• Given entries:
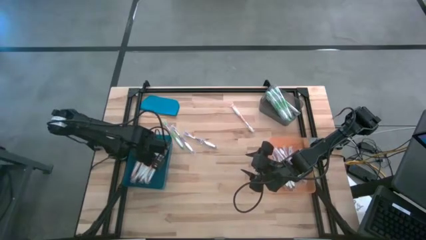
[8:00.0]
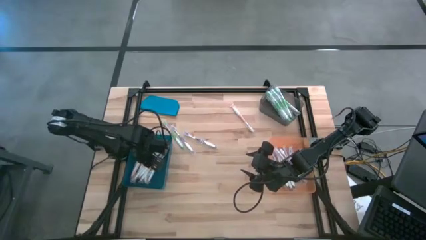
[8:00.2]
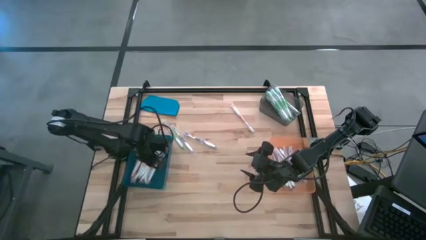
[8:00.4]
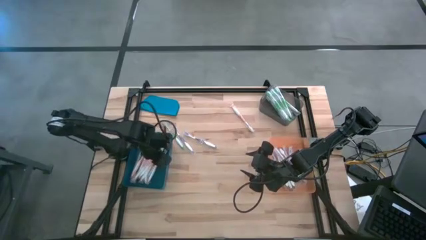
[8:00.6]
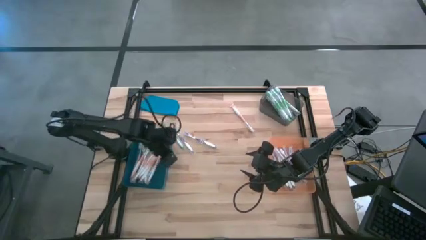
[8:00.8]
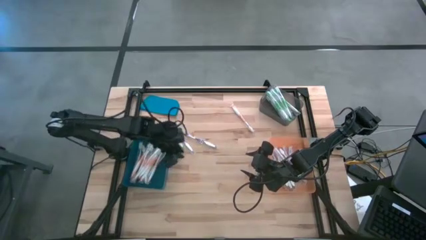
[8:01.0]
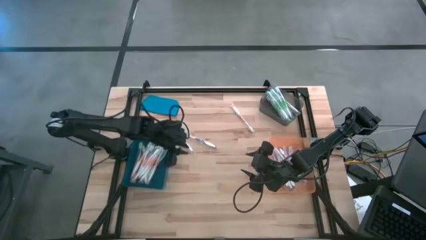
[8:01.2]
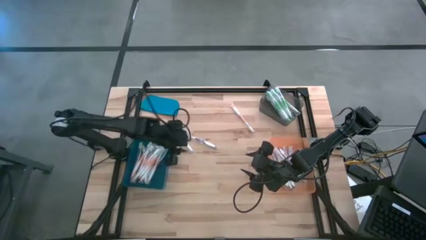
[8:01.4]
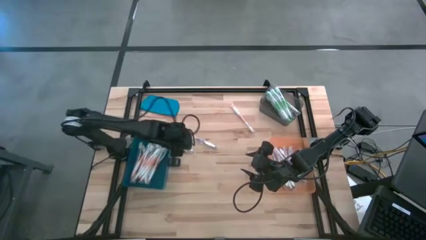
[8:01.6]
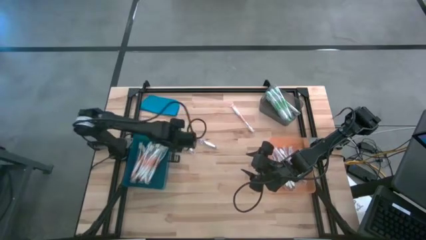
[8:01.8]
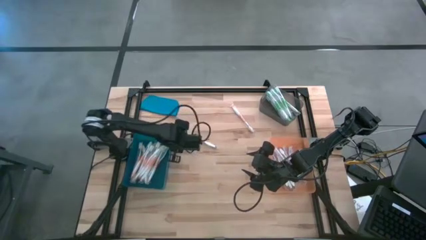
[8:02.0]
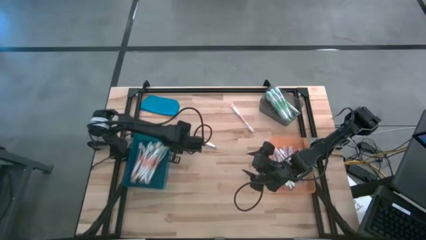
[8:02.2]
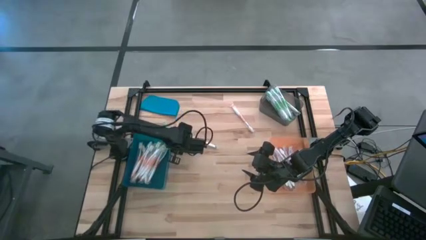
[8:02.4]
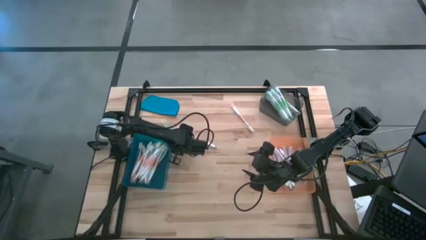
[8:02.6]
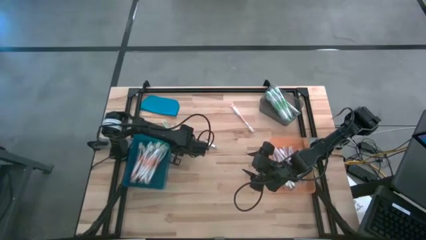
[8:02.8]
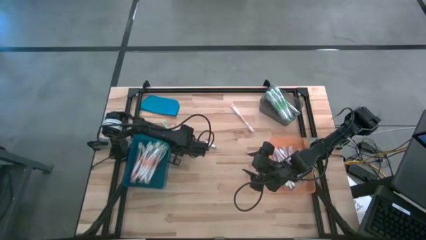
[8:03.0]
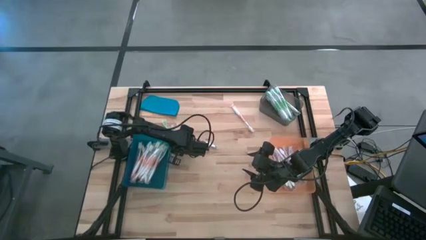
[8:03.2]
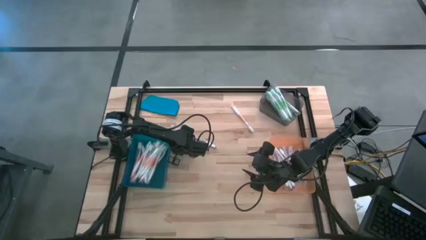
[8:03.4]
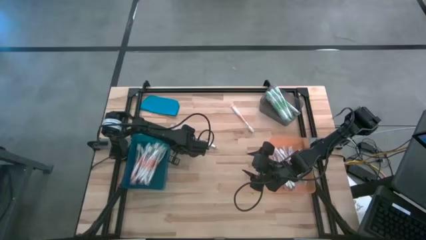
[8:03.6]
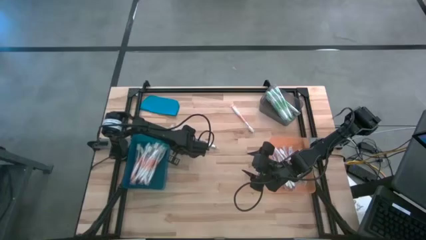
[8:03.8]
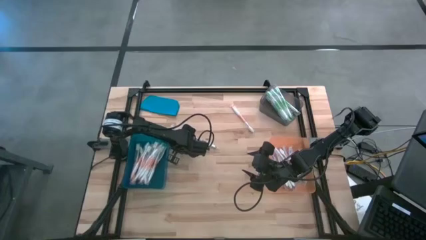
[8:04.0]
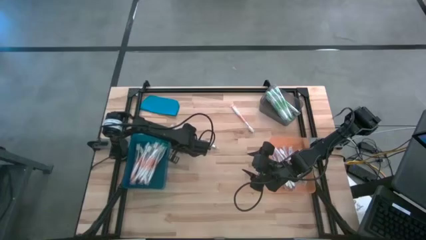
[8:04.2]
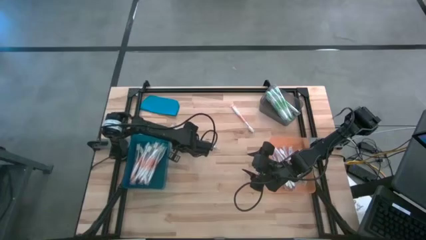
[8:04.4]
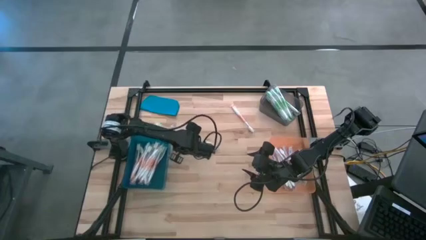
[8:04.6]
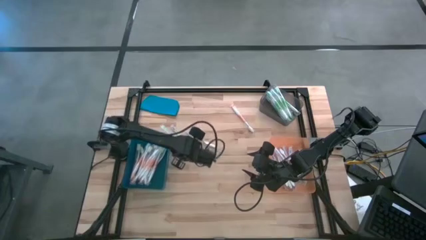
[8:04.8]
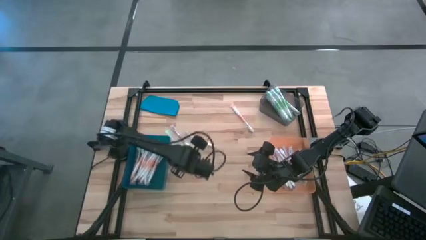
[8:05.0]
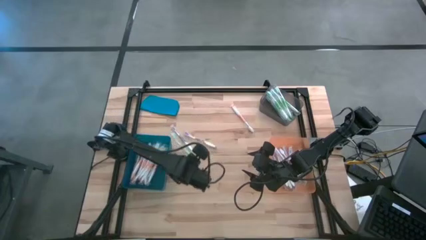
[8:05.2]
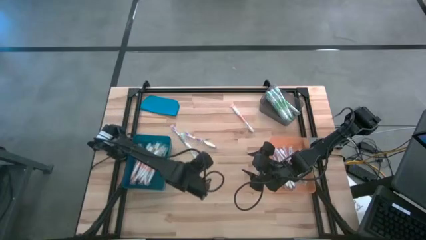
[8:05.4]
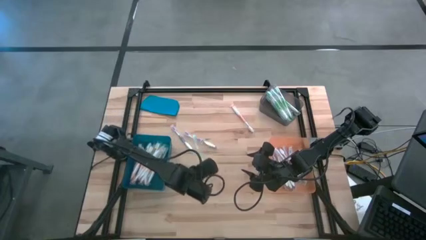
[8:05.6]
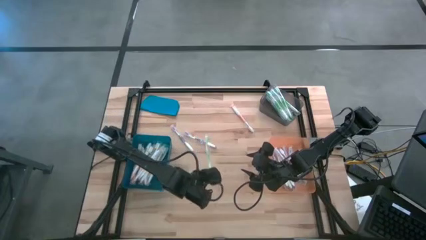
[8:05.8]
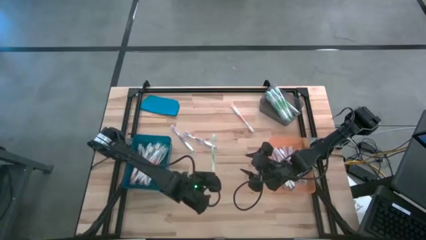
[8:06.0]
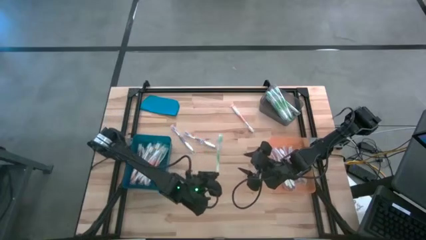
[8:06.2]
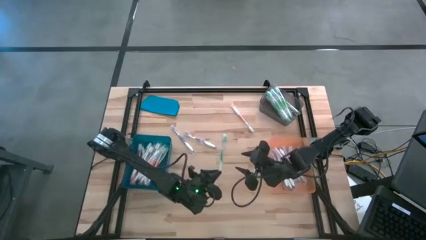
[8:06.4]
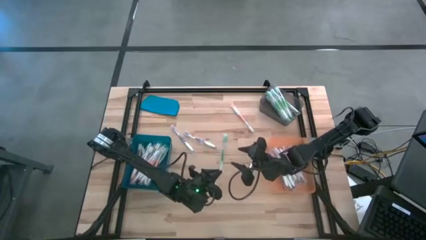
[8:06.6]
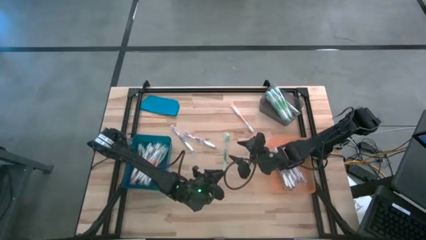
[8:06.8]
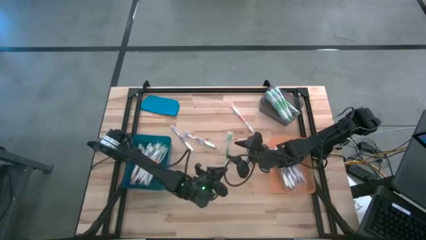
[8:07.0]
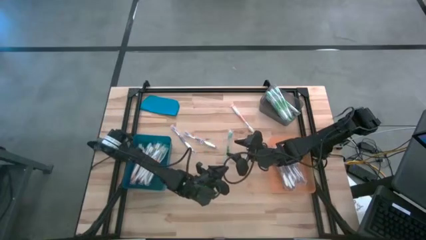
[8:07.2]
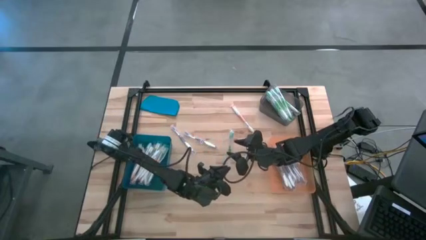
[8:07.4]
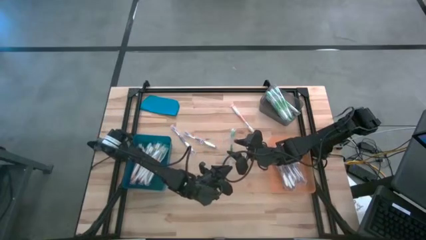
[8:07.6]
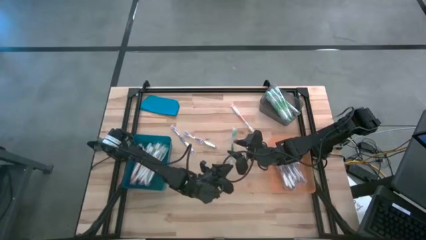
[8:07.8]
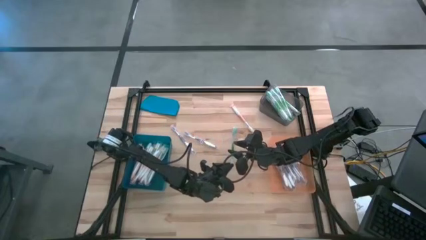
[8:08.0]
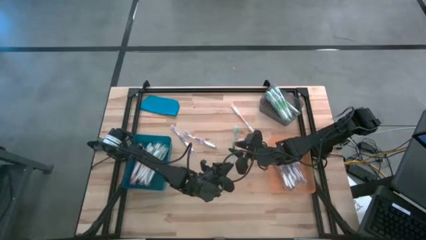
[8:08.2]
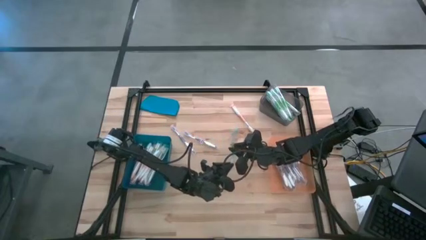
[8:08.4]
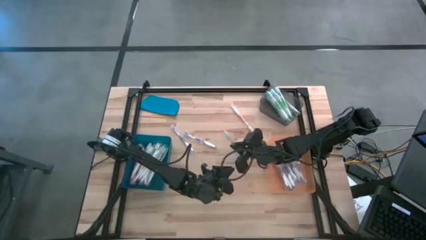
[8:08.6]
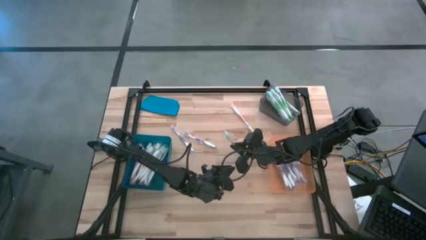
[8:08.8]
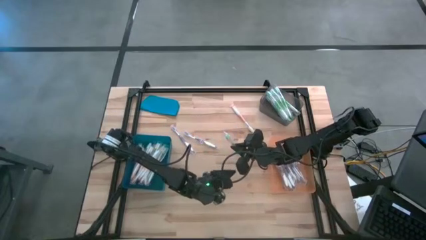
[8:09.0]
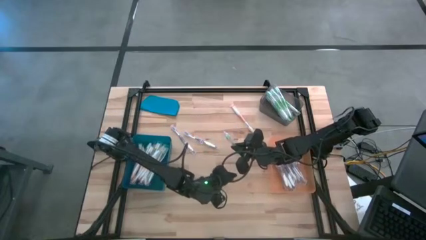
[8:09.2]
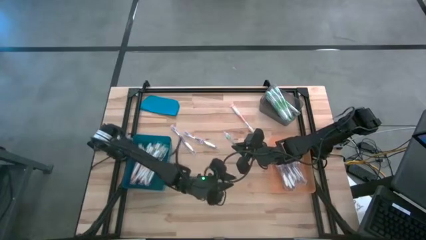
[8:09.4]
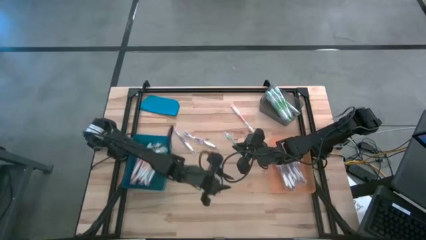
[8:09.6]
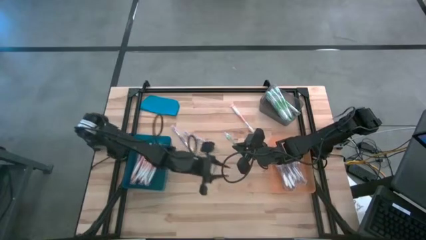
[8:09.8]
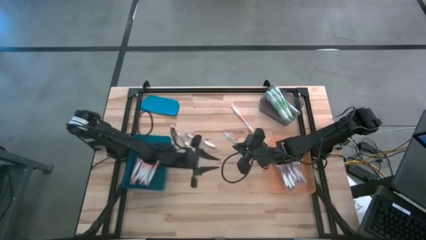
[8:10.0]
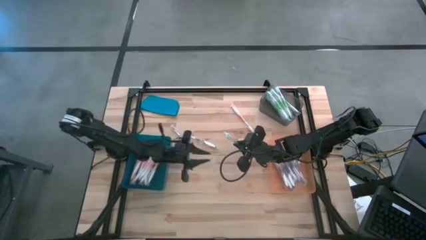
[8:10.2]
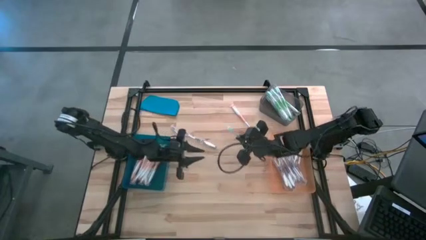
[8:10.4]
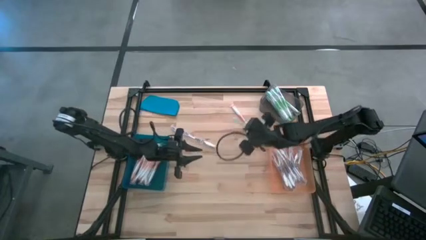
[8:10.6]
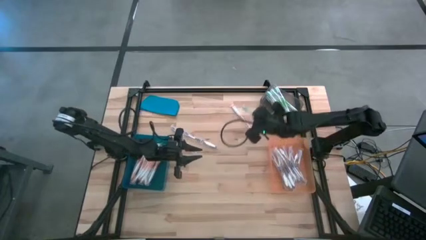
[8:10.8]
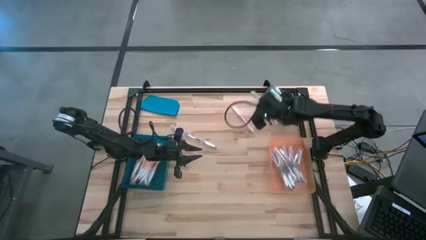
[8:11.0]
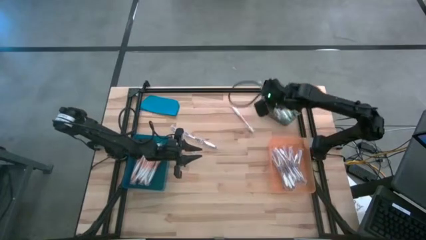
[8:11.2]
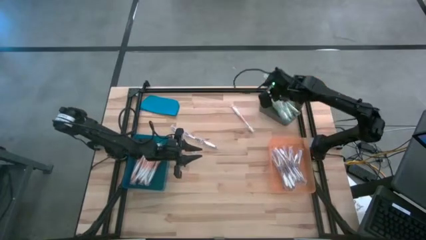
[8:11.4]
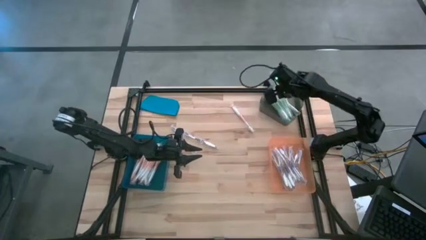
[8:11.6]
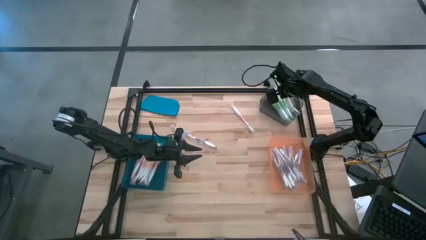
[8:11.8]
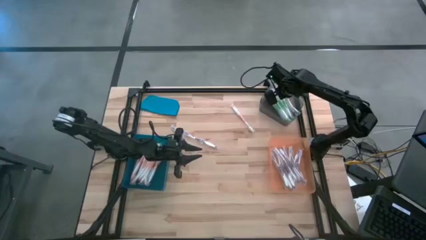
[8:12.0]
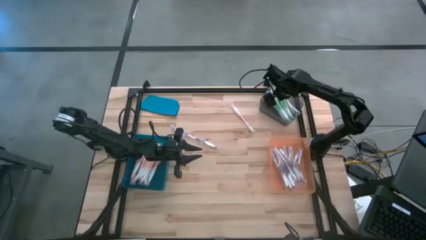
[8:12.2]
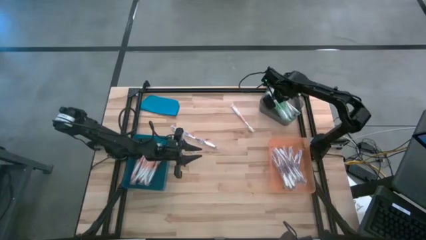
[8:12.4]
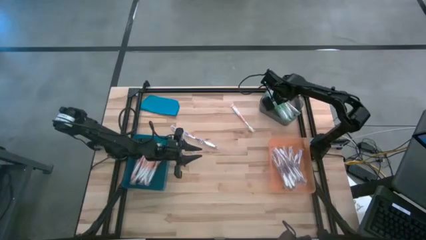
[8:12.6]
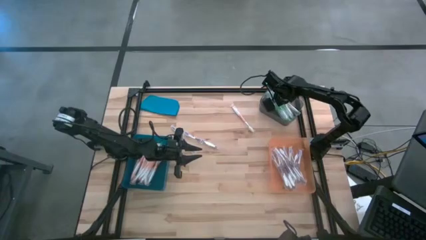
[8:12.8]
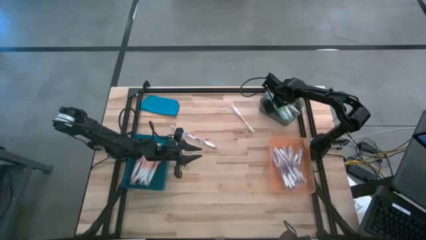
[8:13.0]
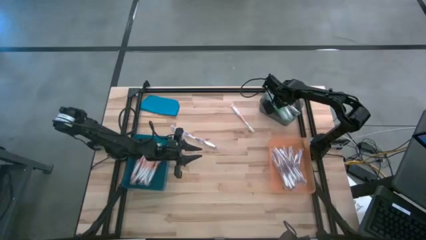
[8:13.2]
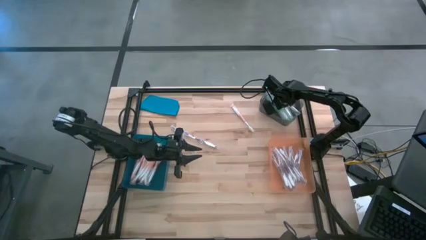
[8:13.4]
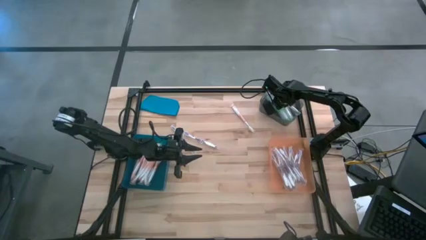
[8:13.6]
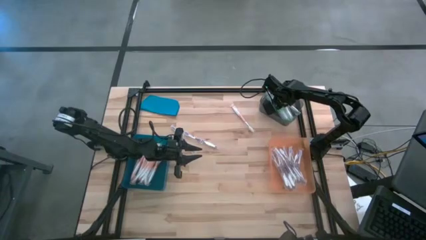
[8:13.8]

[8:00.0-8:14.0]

• Exercise objective:
None of the pictures should be reproduced; all other material above must be set down exactly.

• Written solution:
[8:00.0]
[8:00.2]
[8:00.4]
[8:00.6]
[8:00.8]
[8:01.0]
[8:01.2]
[8:01.4]
[8:01.6]
[8:01.8]
[8:02.0]
[8:02.2]
[8:02.4]
[8:02.6]
[8:02.8]
[8:03.0]
[8:03.2]
[8:03.4]
[8:03.6]
[8:03.8]
[8:04.0]
[8:04.2]
[8:04.4]
[8:04.6]
[8:04.8]
[8:05.0]
[8:05.2]
[8:05.4]
[8:05.6]
[8:05.8]
[8:06.0]
[8:06.2]
[8:06.4]
[8:06.6]
[8:06.8]
[8:07.0]
[8:07.2]
[8:07.4]
[8:07.6]
[8:07.8]
[8:08.0]
[8:08.2]
[8:08.4]
[8:08.6]
[8:08.8]
[8:09.0]
[8:09.2]
[8:09.4]
[8:09.6]
[8:09.8]
[8:10.0]
[8:10.2]
[8:10.4]
[8:10.6]
[8:10.8]
[8:11.0]
[8:11.2]
[8:11.4]
[8:11.6]
[8:11.8]
[8:12.0]
[8:12.2]
[8:12.4]
[8:12.6]
[8:12.8]
[8:13.0]
[8:13.2]
[8:13.4]
[8:13.6]
[8:13.8]

[8:00.0-8:14.0]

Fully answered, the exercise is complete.